Israeli cybersecurity start-up CyberArk on Tuesday filed for an initial public offering on the NASDAQ stock exchange. The filing with SEC, the US Securities and Exchange Commission, did not say how much the company would seek to raise with the IPO, but industry analysts said CyberArk was likely to seek at least $75 million.
In a recent interview, a company official described CyberArk’s technology. “According to international research firm Deloitte, 100% of sophisticated attacks use privileged accounts to get into critical systems. We prevent attacks simply by choking off access to these accounts, denying hackers the opportunity to use them to break into systems,” the official said.
Privileged accounts are computer system user accounts that have extra privileges, with owners of those accounts capable of controlling important aspects of a server or network. Large computer systems, especially those that have been around for years, usually contain many such accounts that are no longer in use.

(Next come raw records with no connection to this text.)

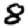
Digit: 8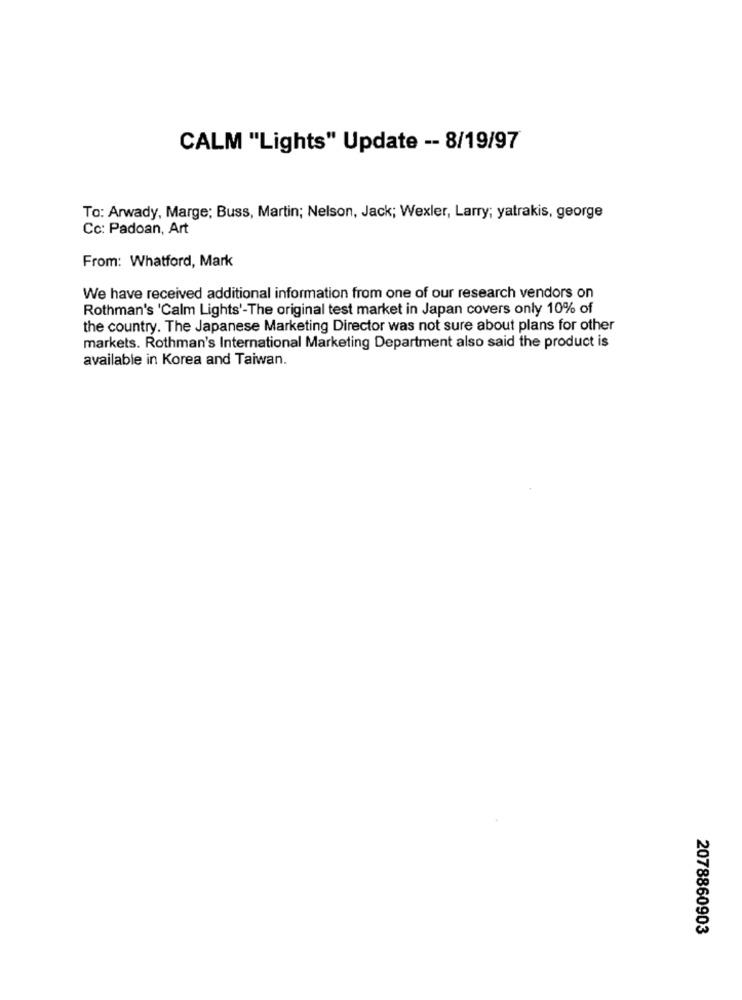
CALM "Lights" Update -- 8/19/97
To: Arwady, Marge; Buss, Martin; Nelson, Jack; Wexler, Larry; yatrakis, george
Cc: Padoan, Art
From: Whatford, Mark
We have received additional information from one of our research vendors on
Rothman's 'Calm Lights'-The original test market in Japan covers only 10% of
the country. The Japanese Marketing Director was not sure about plans for other
markets. Rothman's International Marketing Department also said the product is
available in Korea and Taiwan.
2078860903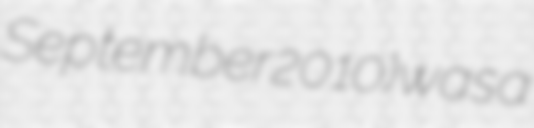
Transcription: September 2010) was a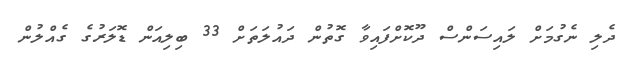
ދެލި ނެގުމަށް ލައިސަންސް ދޫކޮށްފައިވާ ގޮތުން ދައުލަތަށް 33 ބިލިއަން ޑޮލަރުގެ ގެއްލުން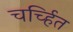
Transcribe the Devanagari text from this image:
चर्च्हित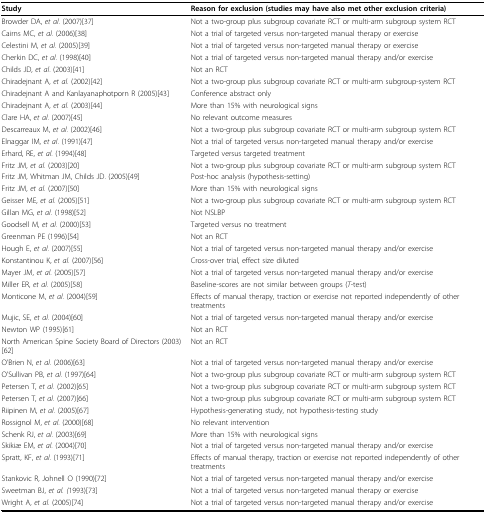
<table><thead><tr><td><b>Study</b></td><td><b>Reason for exclusion (studies may have also met other exclusion criteria)</b></td></tr></thead><tbody><tr><td>Browder DA, <i>et al</i>. (2007)[37]</td><td>Not a two-group plus subgroup covariate RCT or multi-arm subgroup system RCT</td></tr><tr><td>Cairns MC, <i>et al</i>. (2006)[38]</td><td>Not a trial of targeted versus non-targeted manual therapy or exercise</td></tr><tr><td>Celestini M, <i>et al</i>. (2005)[39]</td><td>Not a trial of targeted versus non-targeted manual therapy or exercise</td></tr><tr><td>Cherkin DC, <i>et al</i>. (1998)[40]</td><td>Not a trial of targeted versus non-targeted manual therapy and/or exercise</td></tr><tr><td>Childs JD, <i>et al</i>. (2003)[41]</td><td>Not an RCT</td></tr><tr><td>Chiradejnant A, <i>et al</i>. (2002)[42]</td><td>Not a two-group plus subgroup covariate RCT or multi-arm subgroup-system RCT</td></tr><tr><td>Chiradejnant A and Kanlayanaphotporn R (2005)[43]</td><td>Conference abstract only</td></tr><tr><td>Chiradejnant A, <i>et al</i>. (2003)[44]</td><td>More than 15% with neurological signs</td></tr><tr><td>Clare HA, <i>et al</i>. (2007)[45]</td><td>No relevant outcome measures</td></tr><tr><td>Descarreaux M, <i>et al</i>. (2002)[46]</td><td>Not a two-group plus subgroup covariate RCT or multi-arm subgroup system RCT</td></tr><tr><td>Elnaggar IM, <i>et al</i>. (1991)[47]</td><td>Not a trial of targeted versus non-targeted manual therapy and/or exercise</td></tr><tr><td>Erhard, RE, <i>et al</i>. (1994)[48]</td><td>Targeted versus targeted treatment</td></tr><tr><td>Fritz JM, <i>et al</i>. (2003)[20]</td><td>Not a two-group plus subgroup covariate RCT or multi-arm subgroup system RCT</td></tr><tr><td>Fritz JM, Whitman JM, Childs JD. (2005)[49]</td><td>Post-hoc analysis (hypothesis-setting)</td></tr><tr><td>Fritz JM, <i>et al</i>. (2007)[50]</td><td>More than 15% with neurological signs</td></tr><tr><td>Geisser ME, <i>et al</i>. (2005)[51]</td><td>Not a two-group plus subgroup covariate RCT or multi-arm subgroup system RCT</td></tr><tr><td>Gillan MG, <i>et al</i>. (1998)[52]</td><td>Not NSLBP</td></tr><tr><td>Goodsell M, <i>et al</i>. (2000)[53]</td><td>Targeted versus no treatment</td></tr><tr><td>Greenman PE (1996)[54]</td><td>Not an RCT</td></tr><tr><td>Hough E, <i>et al</i>. (2007)[55]</td><td>Not a trial of targeted versus non-targeted manual therapy and/or exercise</td></tr><tr><td>Konstantinou K, <i>et al</i>. (2007)[56]</td><td>Cross-over trial, effect size diluted</td></tr><tr><td>Mayer JM, <i>et al</i>. (2005)[57]</td><td>Not a trial of targeted versus non-targeted manual therapy and/or exercise</td></tr><tr><td>Miller ER, <i>et al</i>. (2005)[58]</td><td>Baseline-scores are not similar between groups (<i>T</i>-test)</td></tr><tr><td>Monticone M, <i>et al</i>. (2004)[59]</td><td>Effects of manual therapy, traction or exercise not reported independently of other treatments</td></tr><tr><td>Mujic, SE, <i>et al</i>. (2004)[60]</td><td>Not a trial of targeted versus non-targeted manual therapy and/or exercise</td></tr><tr><td>Newton WP (1995)[61]</td><td>Not an RCT</td></tr><tr><td>North American Spine Society Board of Directors (2003)[62]</td><td>Not an RCT</td></tr><tr><td>O&#x27;Brien N, <i>et al</i>. (2006)[63]</td><td>Not a trial of targeted versus non-targeted manual therapy and/or exercise</td></tr><tr><td>O&#x27;Sullivan PB, <i>et al</i>. (1997)[64]</td><td>Not a two-group plus subgroup covariate RCT or multi-arm subgroup system RCT</td></tr><tr><td>Petersen T, <i>et al</i>. (2002)[65]</td><td>Not a two-group plus subgroup covariate RCT or multi-arm subgroup system RCT</td></tr><tr><td>Petersen T, <i>et al</i>. (2007)[66]</td><td>Not a two-group plus subgroup covariate RCT or multi-arm subgroup system RCT</td></tr><tr><td>Riipinen M, <i>et al</i>. (2005)[67]</td><td>Hypothesis-generating study, not hypothesis-testing study</td></tr><tr><td>Rossignol M, <i>et al</i>. (2000)[68]</td><td>No relevant intervention</td></tr><tr><td>Schenk RJ, <i>et al</i>. (2003)[69]</td><td>More than 15% with neurological signs</td></tr><tr><td>Skikiæ EM, <i>et al</i>. (2004)[70]</td><td>Not a trial of targeted versus non-targeted manual therapy and/or exercise</td></tr><tr><td>Spratt, KF, <i>et al</i>. (1993)[71]</td><td>Effects of manual therapy, traction or exercise not reported independently of other treatments</td></tr><tr><td>Stankovic R, Johnell O (1990)[72]</td><td>Not a trial of targeted versus non-targeted manual therapy and/or exercise</td></tr><tr><td>Sweetman BJ, <i>et al. (</i>1993)[73]</td><td>Not a trial of targeted versus non-targeted manual therapy or exercise</td></tr><tr><td>Wright A, <i>et al</i>. (2005)[74]</td><td>Not a trial of targeted versus non-targeted manual therapy and/or exercise</td></tr></tbody></table>

System administrators often set up these accounts for special purpose “missions,” such as trying to override a glitch in software in order to get out an important report, without being bound by system restrictions. The accounts may have also belonged to former employees who’d been given administrative rights to make changes on a server.

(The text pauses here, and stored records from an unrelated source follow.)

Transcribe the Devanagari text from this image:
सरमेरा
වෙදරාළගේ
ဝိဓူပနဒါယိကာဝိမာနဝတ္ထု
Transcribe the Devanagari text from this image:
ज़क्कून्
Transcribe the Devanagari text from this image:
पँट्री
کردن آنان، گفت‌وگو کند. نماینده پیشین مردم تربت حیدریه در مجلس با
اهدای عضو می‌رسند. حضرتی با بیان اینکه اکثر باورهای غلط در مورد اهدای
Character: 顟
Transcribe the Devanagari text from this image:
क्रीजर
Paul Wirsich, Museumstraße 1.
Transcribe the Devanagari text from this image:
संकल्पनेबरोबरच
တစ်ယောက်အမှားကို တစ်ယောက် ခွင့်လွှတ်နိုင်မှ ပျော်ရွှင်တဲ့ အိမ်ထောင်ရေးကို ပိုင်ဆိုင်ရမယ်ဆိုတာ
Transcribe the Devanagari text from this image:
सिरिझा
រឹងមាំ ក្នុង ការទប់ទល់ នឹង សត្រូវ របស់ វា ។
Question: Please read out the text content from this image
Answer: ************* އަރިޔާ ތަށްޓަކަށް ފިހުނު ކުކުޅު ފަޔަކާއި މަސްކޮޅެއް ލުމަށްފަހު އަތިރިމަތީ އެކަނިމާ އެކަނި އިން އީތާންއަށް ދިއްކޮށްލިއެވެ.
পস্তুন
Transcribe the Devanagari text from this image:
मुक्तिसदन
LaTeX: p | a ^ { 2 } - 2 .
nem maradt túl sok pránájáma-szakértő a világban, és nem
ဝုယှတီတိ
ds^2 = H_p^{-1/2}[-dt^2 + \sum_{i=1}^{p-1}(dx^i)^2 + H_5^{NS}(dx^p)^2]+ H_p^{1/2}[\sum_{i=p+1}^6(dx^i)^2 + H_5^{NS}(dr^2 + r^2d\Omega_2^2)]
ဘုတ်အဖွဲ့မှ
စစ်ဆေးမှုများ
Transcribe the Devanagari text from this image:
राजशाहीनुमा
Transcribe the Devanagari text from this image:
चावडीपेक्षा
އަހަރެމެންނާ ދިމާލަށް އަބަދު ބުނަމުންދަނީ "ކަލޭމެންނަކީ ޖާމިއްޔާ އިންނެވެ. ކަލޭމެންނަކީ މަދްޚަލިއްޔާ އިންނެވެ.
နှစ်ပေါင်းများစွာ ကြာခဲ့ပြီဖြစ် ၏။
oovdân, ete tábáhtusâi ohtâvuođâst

Sometimes, however, administrators forget to delete these accounts after putting out the fire — and there they remain, waiting to be exploited by someone who guesses the password (which is often a simple one, thrown together quickly and designed to be easy for the boss to remember). Often, these accounts stick around well past their “due date,” and hackers can try cracking their password with no one even noticing their exploits; those accounts aren’t being watched closely.
CyberArk chokes off the possibility of privileged accounts being abused by identifying and cutting off access to them. CyberArk sets up a policy on accounts that forces users to change passwords on a regular basis, including those of dormant, privileged accounts. In addition, the system sets up a “safe zone” for data to be managed when accessed from an account.
The only data a user can manipulate is that inside the safe zone, and that information is not written to saved server files until it is checked and rechecked for malware. The software also looks for suspicious activity, alerting administrators to what is going on and allowing them to intervene at any time.
The system isolates the privileged session from the rest of the network and keeps it away from the system until it is thoroughly analyzed, the official said. Thus, all work sessions using accounts monitored by CyberArk remain isolate, while credentials for an account — its password, etc. — remain isolated as well. The result, according to the official, is that if a hacker is copying the data using a keylogger or other malware, the only data they can access is that of the session itself, and not anything more on the server.
According to SEC, J.P. Morgan Securities and Deutsche Bank Securities are leading the filing. When the IPO is approved, CyberArk will trade under the symbol CYBR.
Due to SEC rules, company officials could not discuss the IPO.